Mark Lisanti: Maybe I fudged a bit to create an ad hoc Brimley-behaving-badly triple feature, and maybe I didn’t. What’s going on behind the YouTube Hall of Fame curtain is not important.

What’s important is filmmaking. You know how you can tell expert filmmaking? When you pull up a clip called “Blood River — Wilford Brimley’s Feet” and it turns out it’s dubbed into Italian, and you can still follow the story. With no understanding of the language at all, you still learn everything you need to know — Brimley’s relaxing in a bordello tub with his dogs up on the rim, entertaining the staff with his mouth-harp virtuosity while he gets a shave. And then Ricky Schroder bursts in, agitated about something — Silver Spoons residual checks, or that the peach-fuzz on his lip doesn’t yet merit that luxurious suds-and-razor treatment — and sees the horses charging over the hill. Old Brims keeps his cool and sends the boy on his way, rifle in hand. There’s no way he’s getting out of that tub before the ladies finish their work. That’s just basic respect, son.

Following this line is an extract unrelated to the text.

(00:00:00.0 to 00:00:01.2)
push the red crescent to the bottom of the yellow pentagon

Jack Palance at the 1992 Academy Awards


Katie Baker: Jack Palance, you magnificent bastard. Bonus points for the sex joke!

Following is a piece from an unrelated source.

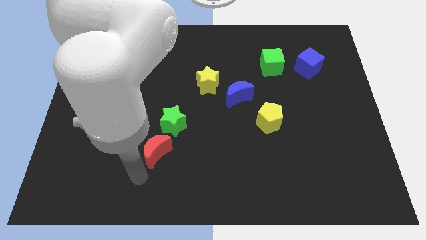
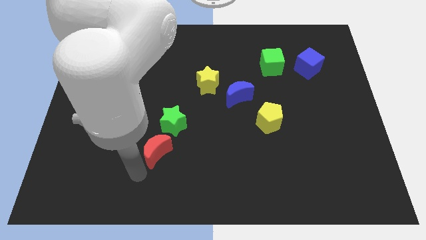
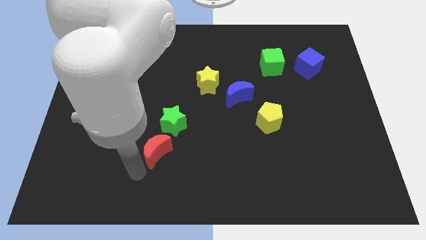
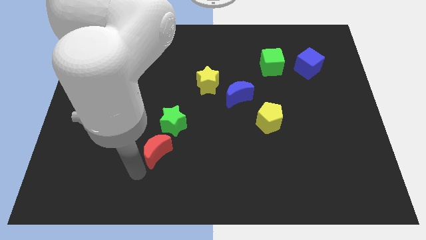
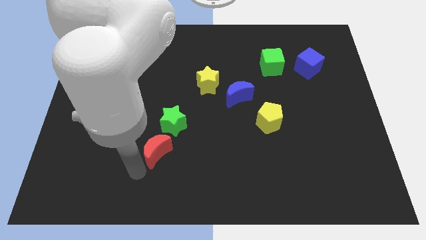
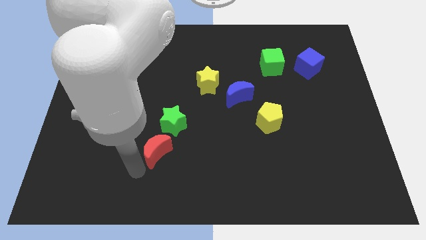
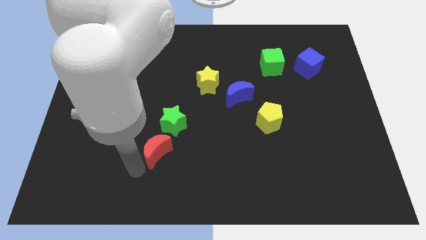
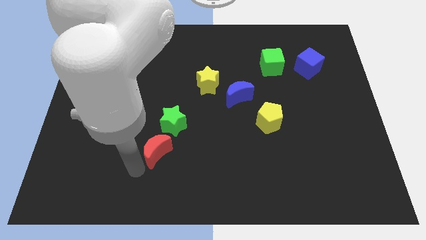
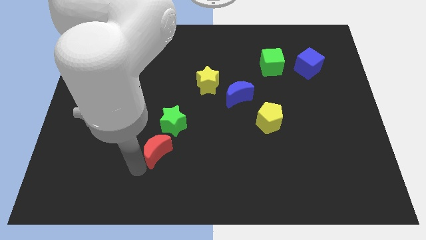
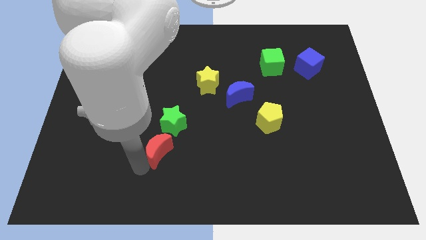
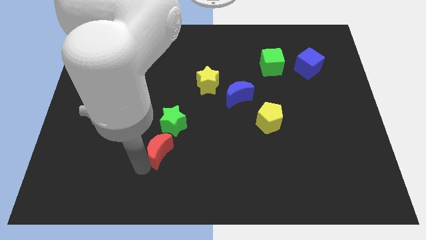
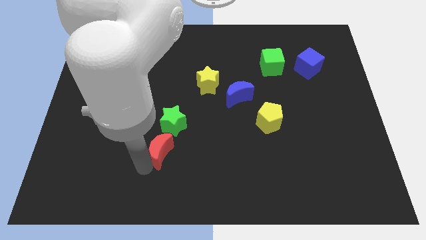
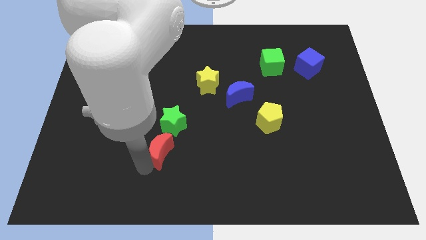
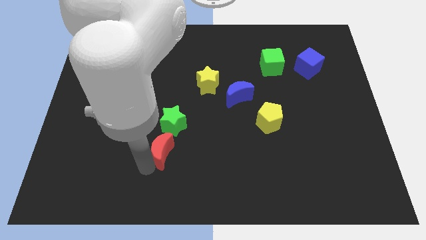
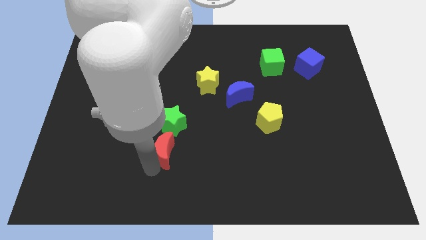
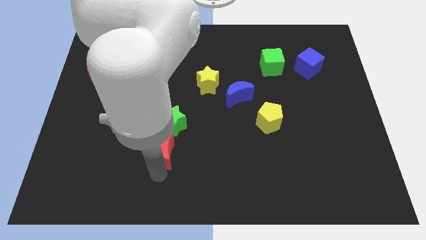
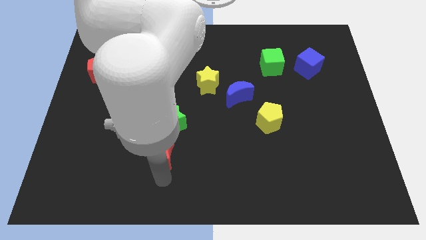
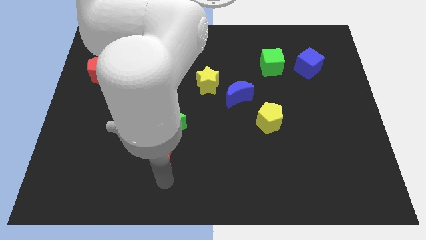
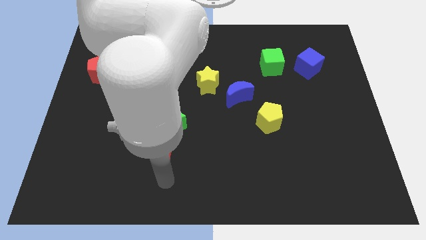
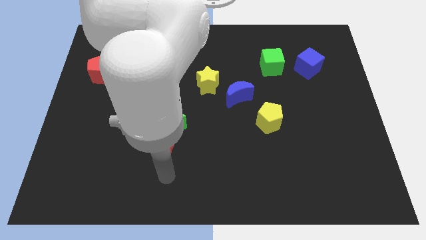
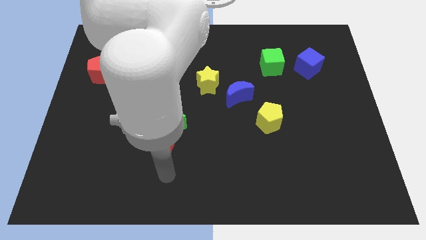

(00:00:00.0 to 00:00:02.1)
place the red crescent below the green star

Don Zimmer rushes Pedro Martinez, Game 3 of the 2003 ALCS


Rembert Browne: The only courteous moment in this brawl is Martinez not socking the 72-year-old Zimmer in the face. Instead, he calmly grabbed Zimmer’s head and guided his old, round body to the ground, forcibly. You know better than that, Don. Brawls with pitchers with Jheri curls is no place for a man of your age.

Requiem for a Dream


Emily Yoshida: Ellen Burstyn just wants a little pep in the autumn of her life. Is that so much to ask for? When she’s not delivering jittery Oscar-reel speeches to Secretly Cool Actor Jared Leto that will make you want to call your mother immediately, she’s divvying up greens and blue, pacing in front of the television, and wiping her sweaty palms and taunting the refrigerator — like she’s 22 all over again! Come to think of it, why shouldn’t we let over-sixties do the FDA-approved (in 2000, maybe) equivalent of methamphetamine washed down with a nice strong cup of joe? We should all have the right to live that goal-oriented lifestyle right up to the moment that our hearts and jaws give out. We can do crosswords when we’re dead.

Glengarry Glen Ross


Andy Greenwald: Grandpa! Where’d you learn to swear like that?!?

Marathon Man


Chris Ryan: This scene turned me off dentists over the age of 60 for the rest of my life.

Cloud Atlas


Zach Dionne: It can get lonely out here for a Cloud Atlas fan. But even critics of the Wachowskis’ mosaic-style interpretation of David Mitchell’s dazzling novel tended to admit that the Timothy Cavendish part was fun. It’s hard to resist Jim Broadbent as a foolhardy goof, Hugo Weaving in drag as the stocky, violent Nurse Noakes, and a quartet of elderly buddies escaping their nursing home. It’s one of the film’s rare sequences of pure fun. (A longer version, one with the essential bar-fight finale, is unembeddable — find it here.)

Bubba Ho-Tep


Tess Lynch: Isn’t the deal that you get past a certain age and you can do whatever you want within the confines of the law? Isn’t that kind of the reward for getting old? I’m not here to judge. Toast that roach like a young buck would, Elvis. Toast him mean.